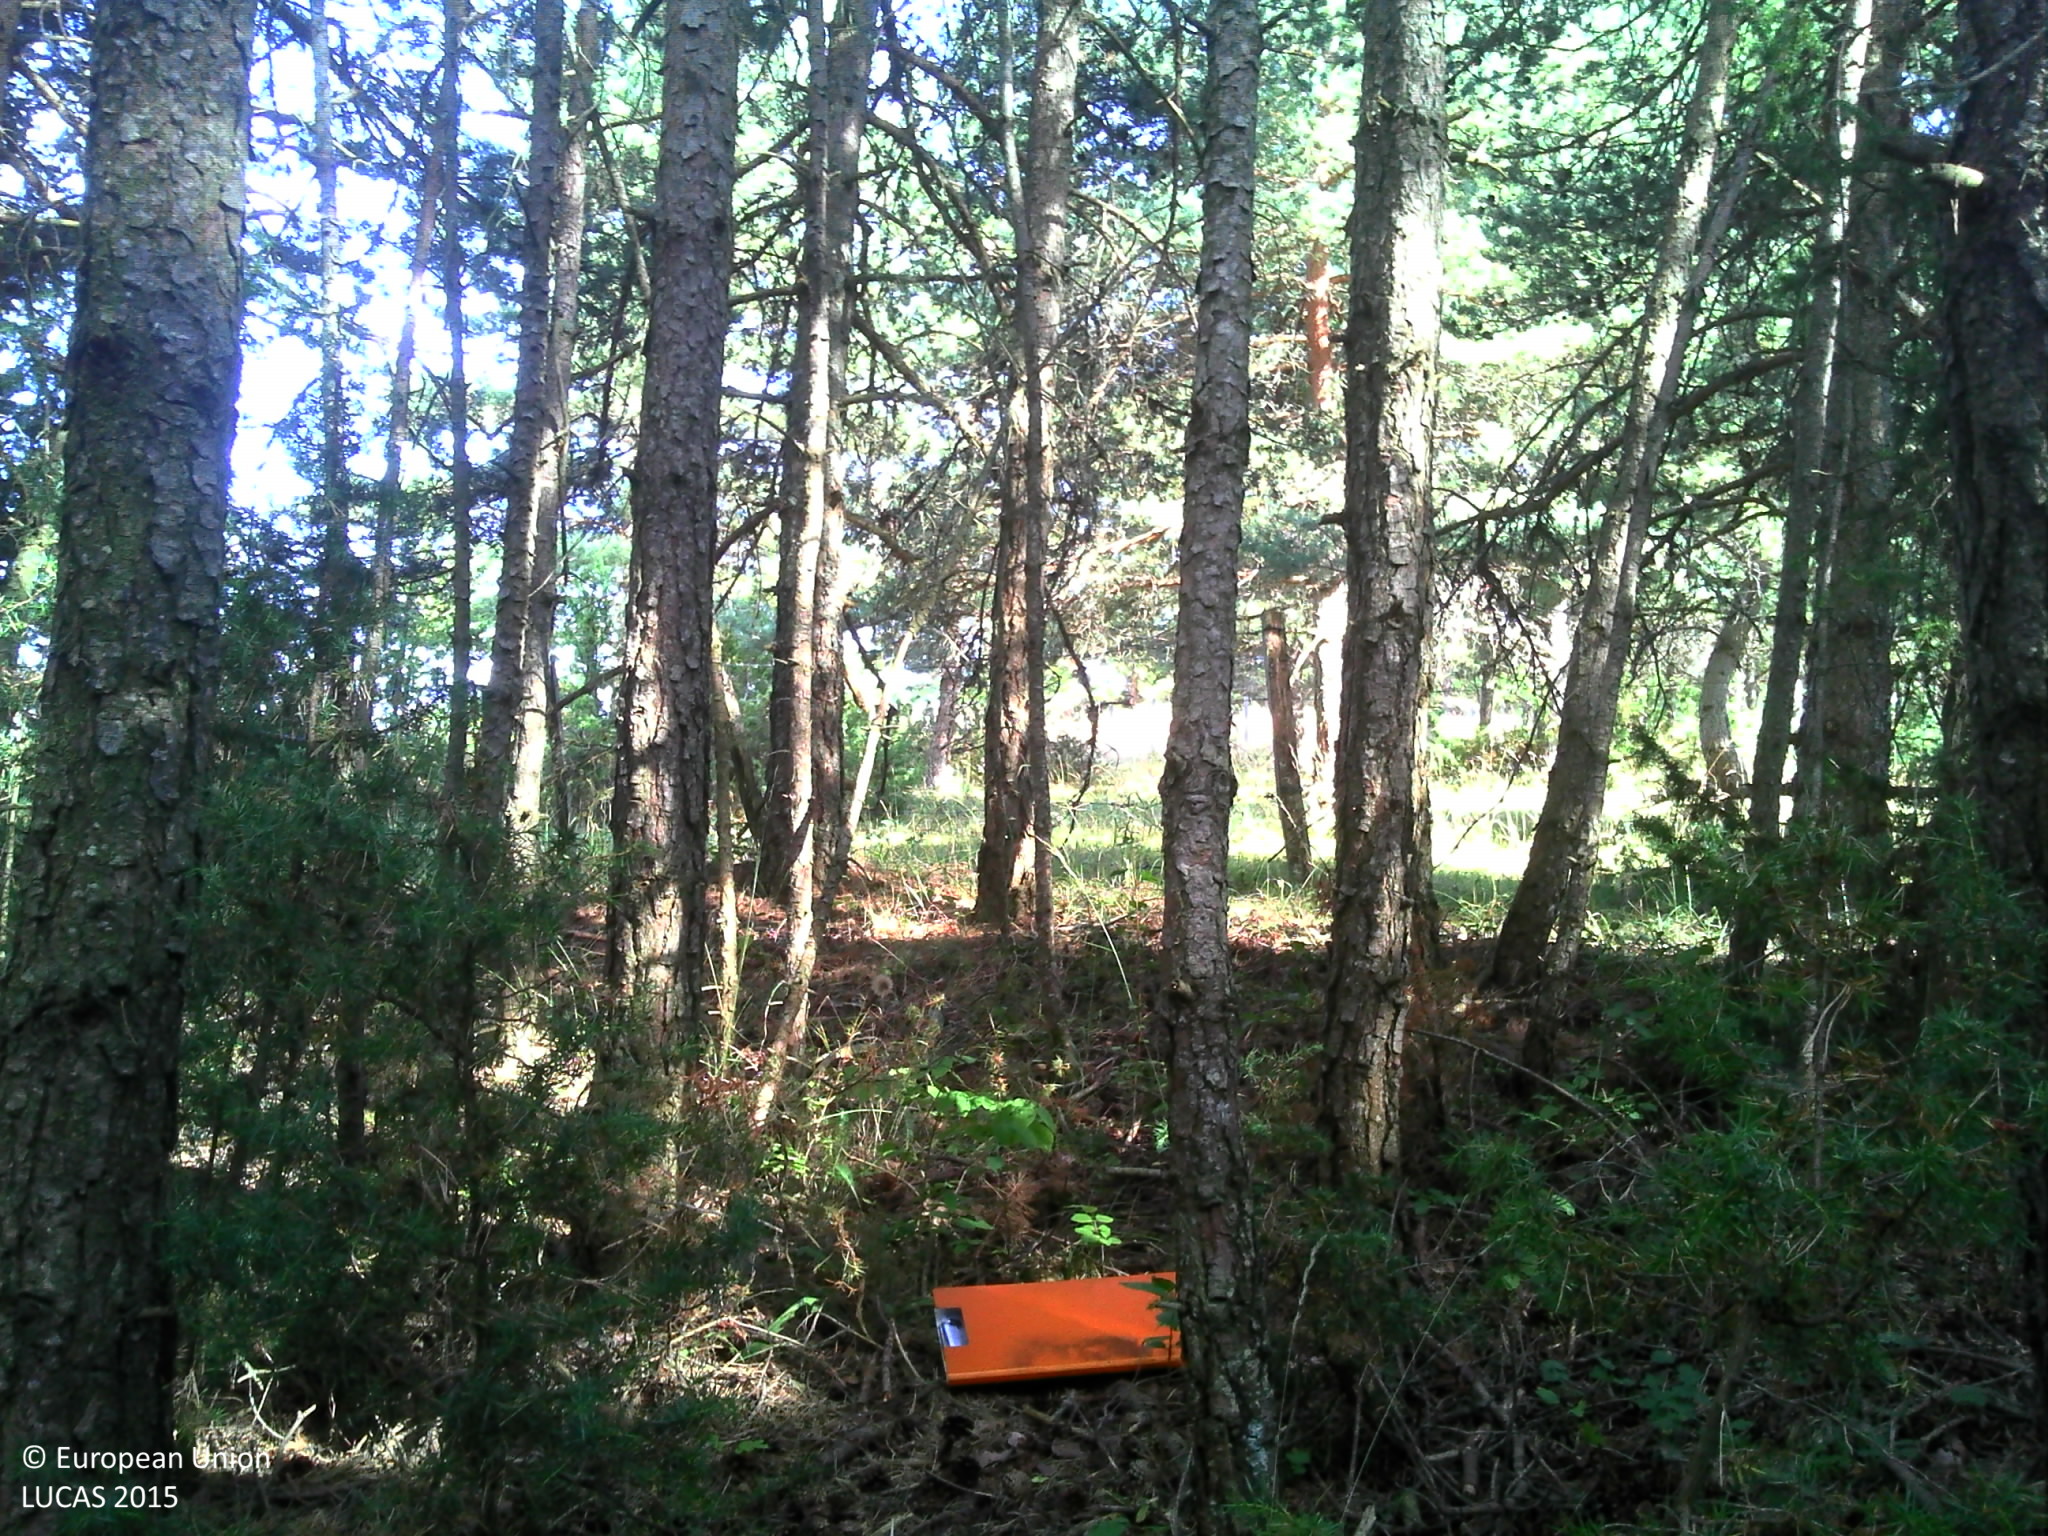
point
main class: Woodland
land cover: Pine dominated coniferous woodland
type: hemiboreal forest and nemoral coniferous forest and mixed broadleaved-coniferous forest
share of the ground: > 75 %
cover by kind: coniferous forest trees 95 %, broadleaved forest trees 5 %
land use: Forestry
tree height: > 5 m
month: July
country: FR
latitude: 44.5253
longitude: 3.1974

_What to work on:_ Go through the lines above and write each one out verbatim, skipping the pictures.

_Reply to the exercise:_
point
main class: Woodland
land cover: Pine dominated coniferous woodland
type: hemiboreal forest and nemoral coniferous forest and mixed broadleaved-coniferous forest
share of the ground: > 75 %
cover by kind: coniferous forest trees 95 %, broadleaved forest trees 5 %
land use: Forestry
tree height: > 5 m
month: July
country: FR
latitude: 44.5253
longitude: 3.1974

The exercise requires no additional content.